## EXERCISE DIRECTIONS
Print, in exact form, the lines below from the one containing "0,13c-2.083,5.500 -7.042,11.750 -12,18'/></g>" through the one containing "d='M150,259c0.000,0.000 2.000,4.000 2,4'/></g>", and omit all others.

(Records from a data collection)
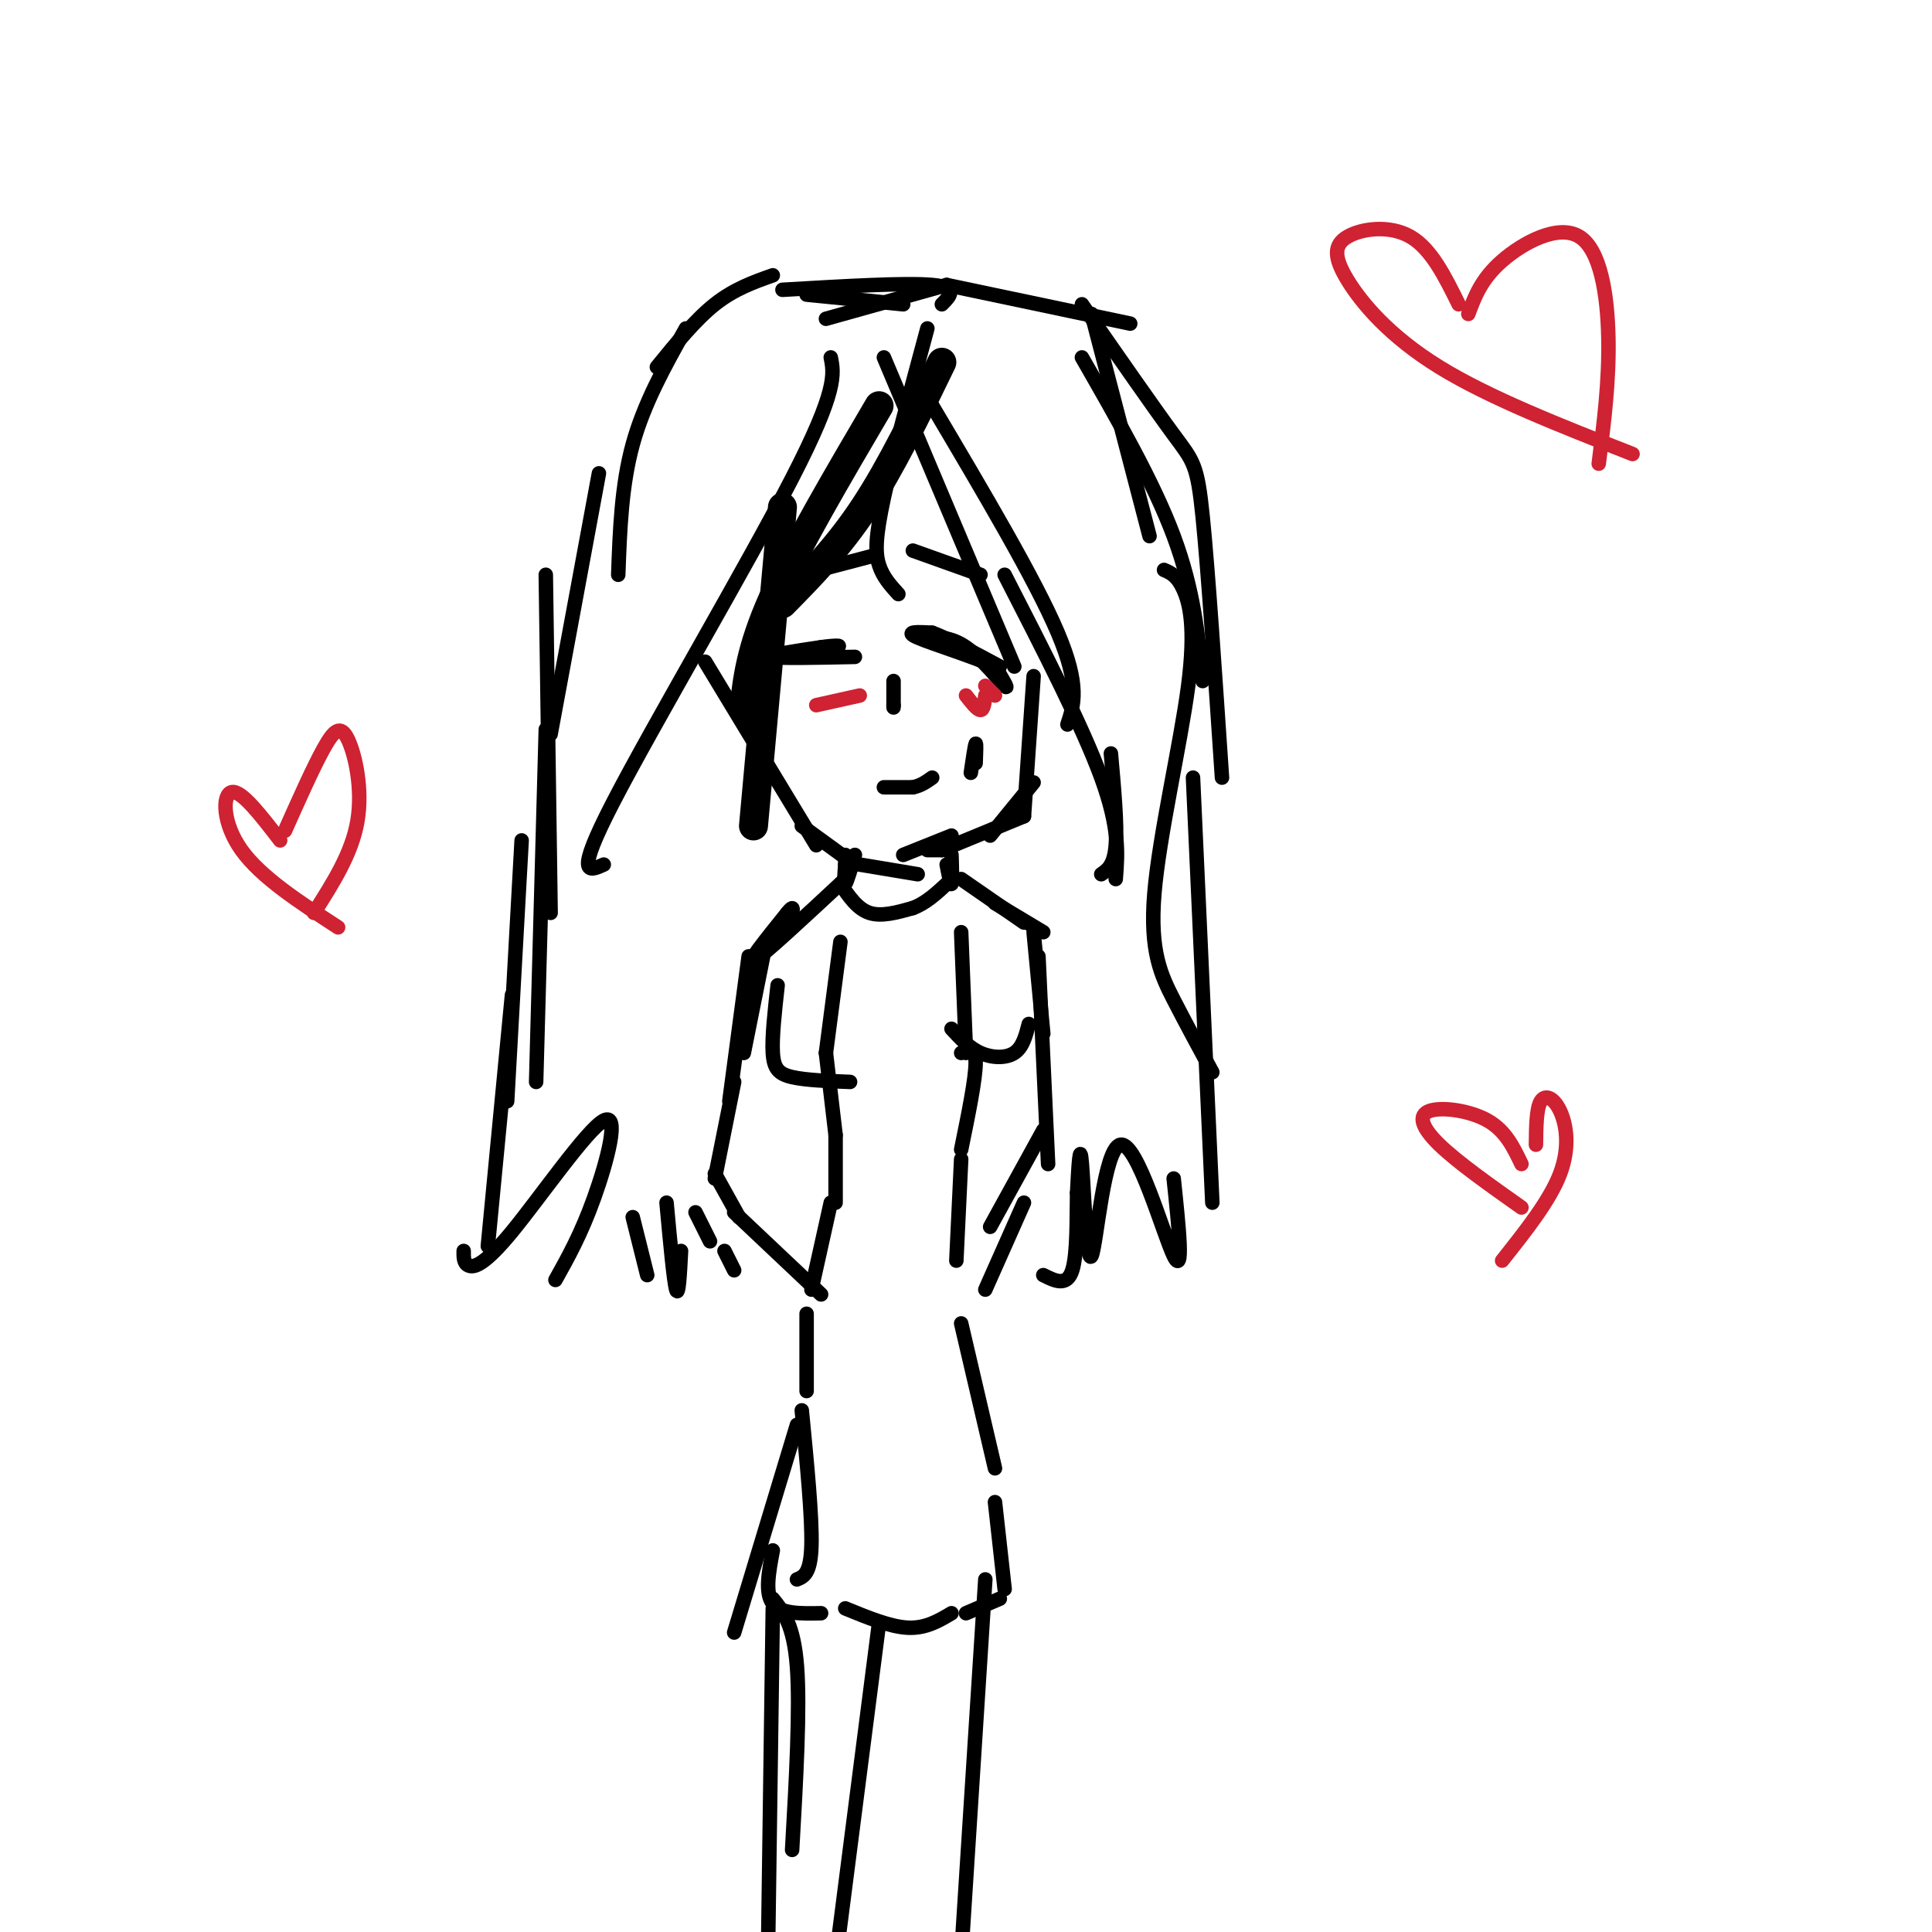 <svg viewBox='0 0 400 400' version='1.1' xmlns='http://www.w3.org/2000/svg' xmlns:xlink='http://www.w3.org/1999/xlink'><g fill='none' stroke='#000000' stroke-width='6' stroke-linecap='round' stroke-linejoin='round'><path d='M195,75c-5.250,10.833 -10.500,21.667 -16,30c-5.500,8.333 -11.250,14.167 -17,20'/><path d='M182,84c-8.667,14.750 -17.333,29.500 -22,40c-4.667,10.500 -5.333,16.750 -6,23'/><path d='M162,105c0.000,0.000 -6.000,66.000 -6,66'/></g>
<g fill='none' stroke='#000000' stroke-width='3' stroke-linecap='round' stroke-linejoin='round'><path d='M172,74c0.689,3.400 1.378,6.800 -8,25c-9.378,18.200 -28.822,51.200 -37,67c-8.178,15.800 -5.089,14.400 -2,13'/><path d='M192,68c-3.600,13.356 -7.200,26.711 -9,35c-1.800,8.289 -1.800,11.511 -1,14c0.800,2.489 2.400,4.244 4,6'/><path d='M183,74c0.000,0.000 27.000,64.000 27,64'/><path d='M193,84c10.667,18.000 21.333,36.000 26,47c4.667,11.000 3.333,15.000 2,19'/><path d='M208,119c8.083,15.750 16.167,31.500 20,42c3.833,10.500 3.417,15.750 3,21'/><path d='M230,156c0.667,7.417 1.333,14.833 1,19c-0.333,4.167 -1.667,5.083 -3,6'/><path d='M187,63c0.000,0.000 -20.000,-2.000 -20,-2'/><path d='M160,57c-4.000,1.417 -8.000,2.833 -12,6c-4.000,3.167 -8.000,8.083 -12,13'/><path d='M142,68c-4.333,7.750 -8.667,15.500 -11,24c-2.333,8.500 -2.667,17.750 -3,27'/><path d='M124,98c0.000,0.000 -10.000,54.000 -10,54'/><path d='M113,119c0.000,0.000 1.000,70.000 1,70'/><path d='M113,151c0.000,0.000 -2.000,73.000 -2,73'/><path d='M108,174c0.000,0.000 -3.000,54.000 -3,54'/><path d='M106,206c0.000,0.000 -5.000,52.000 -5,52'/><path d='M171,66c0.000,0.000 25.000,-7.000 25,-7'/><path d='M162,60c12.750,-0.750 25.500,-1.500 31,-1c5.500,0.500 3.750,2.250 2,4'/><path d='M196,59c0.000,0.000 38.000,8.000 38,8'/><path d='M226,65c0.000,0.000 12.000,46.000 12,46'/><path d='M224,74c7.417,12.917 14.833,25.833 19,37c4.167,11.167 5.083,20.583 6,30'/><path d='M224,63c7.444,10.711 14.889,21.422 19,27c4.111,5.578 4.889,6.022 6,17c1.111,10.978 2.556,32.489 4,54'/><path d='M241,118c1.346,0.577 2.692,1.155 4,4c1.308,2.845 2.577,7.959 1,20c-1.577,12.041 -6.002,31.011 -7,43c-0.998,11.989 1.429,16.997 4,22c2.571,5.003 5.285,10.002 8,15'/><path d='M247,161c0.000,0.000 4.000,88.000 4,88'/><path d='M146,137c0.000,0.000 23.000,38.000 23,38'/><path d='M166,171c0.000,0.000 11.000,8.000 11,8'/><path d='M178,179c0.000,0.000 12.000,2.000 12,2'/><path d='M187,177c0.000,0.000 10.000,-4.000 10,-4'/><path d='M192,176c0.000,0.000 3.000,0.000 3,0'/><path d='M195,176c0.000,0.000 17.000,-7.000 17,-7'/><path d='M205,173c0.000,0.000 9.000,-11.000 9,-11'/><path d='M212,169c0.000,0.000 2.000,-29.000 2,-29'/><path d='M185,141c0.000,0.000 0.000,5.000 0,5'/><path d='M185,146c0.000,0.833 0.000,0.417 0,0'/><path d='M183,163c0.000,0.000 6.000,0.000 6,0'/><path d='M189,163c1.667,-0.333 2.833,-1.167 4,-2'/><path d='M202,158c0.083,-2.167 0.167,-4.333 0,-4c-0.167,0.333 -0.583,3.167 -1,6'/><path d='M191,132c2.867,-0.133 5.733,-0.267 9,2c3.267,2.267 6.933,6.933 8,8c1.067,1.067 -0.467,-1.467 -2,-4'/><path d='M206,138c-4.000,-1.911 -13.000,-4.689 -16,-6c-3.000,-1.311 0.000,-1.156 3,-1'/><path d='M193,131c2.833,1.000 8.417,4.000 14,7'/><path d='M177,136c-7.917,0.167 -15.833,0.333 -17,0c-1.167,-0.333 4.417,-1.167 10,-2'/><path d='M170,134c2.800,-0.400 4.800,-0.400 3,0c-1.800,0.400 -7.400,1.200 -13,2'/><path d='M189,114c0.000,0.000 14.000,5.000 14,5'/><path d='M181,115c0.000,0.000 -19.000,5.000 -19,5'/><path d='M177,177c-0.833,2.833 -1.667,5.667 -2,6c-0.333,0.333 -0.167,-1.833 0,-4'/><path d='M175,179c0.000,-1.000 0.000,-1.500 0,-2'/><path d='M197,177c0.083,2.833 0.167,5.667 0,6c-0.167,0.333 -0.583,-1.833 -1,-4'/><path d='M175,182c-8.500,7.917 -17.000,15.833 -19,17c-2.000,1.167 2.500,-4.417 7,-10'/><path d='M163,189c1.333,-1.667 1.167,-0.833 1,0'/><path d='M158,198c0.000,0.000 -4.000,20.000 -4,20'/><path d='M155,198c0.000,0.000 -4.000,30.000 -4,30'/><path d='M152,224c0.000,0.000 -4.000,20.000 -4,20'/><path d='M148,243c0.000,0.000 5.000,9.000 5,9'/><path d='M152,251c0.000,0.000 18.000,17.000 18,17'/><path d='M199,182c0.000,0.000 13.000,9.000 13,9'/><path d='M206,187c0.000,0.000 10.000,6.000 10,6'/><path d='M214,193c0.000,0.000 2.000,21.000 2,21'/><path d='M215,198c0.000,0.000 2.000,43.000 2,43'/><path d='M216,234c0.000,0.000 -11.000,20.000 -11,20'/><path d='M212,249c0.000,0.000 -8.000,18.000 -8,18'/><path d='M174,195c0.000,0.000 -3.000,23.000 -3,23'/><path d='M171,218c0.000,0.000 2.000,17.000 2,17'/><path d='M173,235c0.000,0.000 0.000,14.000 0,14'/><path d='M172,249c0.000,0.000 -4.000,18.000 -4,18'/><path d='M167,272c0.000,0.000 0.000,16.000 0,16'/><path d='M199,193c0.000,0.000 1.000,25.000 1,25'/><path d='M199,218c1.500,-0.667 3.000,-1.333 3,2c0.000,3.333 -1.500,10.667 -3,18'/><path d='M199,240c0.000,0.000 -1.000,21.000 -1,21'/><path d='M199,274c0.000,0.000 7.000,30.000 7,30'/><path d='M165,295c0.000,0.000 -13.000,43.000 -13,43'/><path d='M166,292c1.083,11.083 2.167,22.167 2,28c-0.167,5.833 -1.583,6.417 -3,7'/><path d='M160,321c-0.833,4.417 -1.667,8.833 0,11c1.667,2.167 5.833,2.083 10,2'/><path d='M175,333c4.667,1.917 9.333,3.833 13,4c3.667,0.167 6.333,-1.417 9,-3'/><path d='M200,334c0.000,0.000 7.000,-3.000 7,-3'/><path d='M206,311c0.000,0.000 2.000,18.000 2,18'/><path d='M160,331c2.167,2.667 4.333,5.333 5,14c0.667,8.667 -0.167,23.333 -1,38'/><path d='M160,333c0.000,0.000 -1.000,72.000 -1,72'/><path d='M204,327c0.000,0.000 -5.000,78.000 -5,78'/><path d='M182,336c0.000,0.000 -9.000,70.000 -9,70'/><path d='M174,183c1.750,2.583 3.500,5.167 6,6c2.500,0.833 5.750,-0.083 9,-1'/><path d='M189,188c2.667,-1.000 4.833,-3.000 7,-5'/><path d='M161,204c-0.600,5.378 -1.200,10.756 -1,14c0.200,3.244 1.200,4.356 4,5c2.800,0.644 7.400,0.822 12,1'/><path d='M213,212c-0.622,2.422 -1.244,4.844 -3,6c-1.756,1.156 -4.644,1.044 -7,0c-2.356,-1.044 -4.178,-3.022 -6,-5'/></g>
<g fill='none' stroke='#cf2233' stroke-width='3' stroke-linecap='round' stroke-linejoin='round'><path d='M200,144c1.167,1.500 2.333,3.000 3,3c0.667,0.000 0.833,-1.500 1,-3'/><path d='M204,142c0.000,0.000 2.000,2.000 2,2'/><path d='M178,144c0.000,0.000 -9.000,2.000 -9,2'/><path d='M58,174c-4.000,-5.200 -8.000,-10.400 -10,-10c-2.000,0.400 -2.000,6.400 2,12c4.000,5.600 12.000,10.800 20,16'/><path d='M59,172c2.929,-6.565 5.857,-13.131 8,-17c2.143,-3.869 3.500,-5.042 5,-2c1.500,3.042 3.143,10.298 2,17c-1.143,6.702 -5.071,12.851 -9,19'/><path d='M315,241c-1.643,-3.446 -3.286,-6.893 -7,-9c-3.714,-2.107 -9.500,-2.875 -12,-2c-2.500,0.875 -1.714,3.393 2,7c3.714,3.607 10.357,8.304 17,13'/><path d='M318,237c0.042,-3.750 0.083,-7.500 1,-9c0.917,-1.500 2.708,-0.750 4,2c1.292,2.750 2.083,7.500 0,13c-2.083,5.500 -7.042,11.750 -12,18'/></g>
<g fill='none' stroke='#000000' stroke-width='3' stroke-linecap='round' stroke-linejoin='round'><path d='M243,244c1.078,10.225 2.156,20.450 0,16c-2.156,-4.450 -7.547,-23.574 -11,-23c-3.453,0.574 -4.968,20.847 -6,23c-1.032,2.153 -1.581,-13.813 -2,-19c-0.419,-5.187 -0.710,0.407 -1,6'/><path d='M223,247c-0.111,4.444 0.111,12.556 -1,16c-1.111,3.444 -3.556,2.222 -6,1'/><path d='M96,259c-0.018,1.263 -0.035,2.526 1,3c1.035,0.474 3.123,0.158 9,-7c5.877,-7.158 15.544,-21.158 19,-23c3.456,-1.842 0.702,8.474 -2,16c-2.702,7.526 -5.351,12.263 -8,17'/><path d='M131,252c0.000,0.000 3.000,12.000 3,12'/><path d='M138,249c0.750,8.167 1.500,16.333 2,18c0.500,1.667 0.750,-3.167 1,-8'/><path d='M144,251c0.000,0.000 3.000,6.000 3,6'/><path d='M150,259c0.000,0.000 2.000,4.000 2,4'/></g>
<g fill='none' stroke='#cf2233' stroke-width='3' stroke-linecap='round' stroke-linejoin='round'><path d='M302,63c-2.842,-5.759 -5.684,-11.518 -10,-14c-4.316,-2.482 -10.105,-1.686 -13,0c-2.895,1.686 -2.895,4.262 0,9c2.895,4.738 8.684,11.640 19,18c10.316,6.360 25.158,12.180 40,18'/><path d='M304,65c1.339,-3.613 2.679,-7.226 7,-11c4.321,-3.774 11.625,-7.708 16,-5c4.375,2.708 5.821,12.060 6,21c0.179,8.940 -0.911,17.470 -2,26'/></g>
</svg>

## RESULT OF THIS EXERCISE
<g fill='none' stroke='#cf2233' stroke-width='3' stroke-linecap='round' stroke-linejoin='round'><path d='M200,144c1.167,1.500 2.333,3.000 3,3c0.667,0.000 0.833,-1.500 1,-3'/><path d='M204,142c0.000,0.000 2.000,2.000 2,2'/><path d='M178,144c0.000,0.000 -9.000,2.000 -9,2'/><path d='M58,174c-4.000,-5.200 -8.000,-10.400 -10,-10c-2.000,0.400 -2.000,6.400 2,12c4.000,5.600 12.000,10.800 20,16'/><path d='M59,172c2.929,-6.565 5.857,-13.131 8,-17c2.143,-3.869 3.500,-5.042 5,-2c1.500,3.042 3.143,10.298 2,17c-1.143,6.702 -5.071,12.851 -9,19'/><path d='M315,241c-1.643,-3.446 -3.286,-6.893 -7,-9c-3.714,-2.107 -9.500,-2.875 -12,-2c-2.500,0.875 -1.714,3.393 2,7c3.714,3.607 10.357,8.304 17,13'/><path d='M318,237c0.042,-3.750 0.083,-7.500 1,-9c0.917,-1.500 2.708,-0.750 4,2c1.292,2.750 2.083,7.500 0,13c-2.083,5.500 -7.042,11.750 -12,18'/></g>
<g fill='none' stroke='#000000' stroke-width='3' stroke-linecap='round' stroke-linejoin='round'><path d='M243,244c1.078,10.225 2.156,20.450 0,16c-2.156,-4.450 -7.547,-23.574 -11,-23c-3.453,0.574 -4.968,20.847 -6,23c-1.032,2.153 -1.581,-13.813 -2,-19c-0.419,-5.187 -0.710,0.407 -1,6'/><path d='M223,247c-0.111,4.444 0.111,12.556 -1,16c-1.111,3.444 -3.556,2.222 -6,1'/><path d='M96,259c-0.018,1.263 -0.035,2.526 1,3c1.035,0.474 3.123,0.158 9,-7c5.877,-7.158 15.544,-21.158 19,-23c3.456,-1.842 0.702,8.474 -2,16c-2.702,7.526 -5.351,12.263 -8,17'/><path d='M131,252c0.000,0.000 3.000,12.000 3,12'/><path d='M138,249c0.750,8.167 1.500,16.333 2,18c0.500,1.667 0.750,-3.167 1,-8'/><path d='M144,251c0.000,0.000 3.000,6.000 3,6'/><path d='M150,259c0.000,0.000 2.000,4.000 2,4'/></g>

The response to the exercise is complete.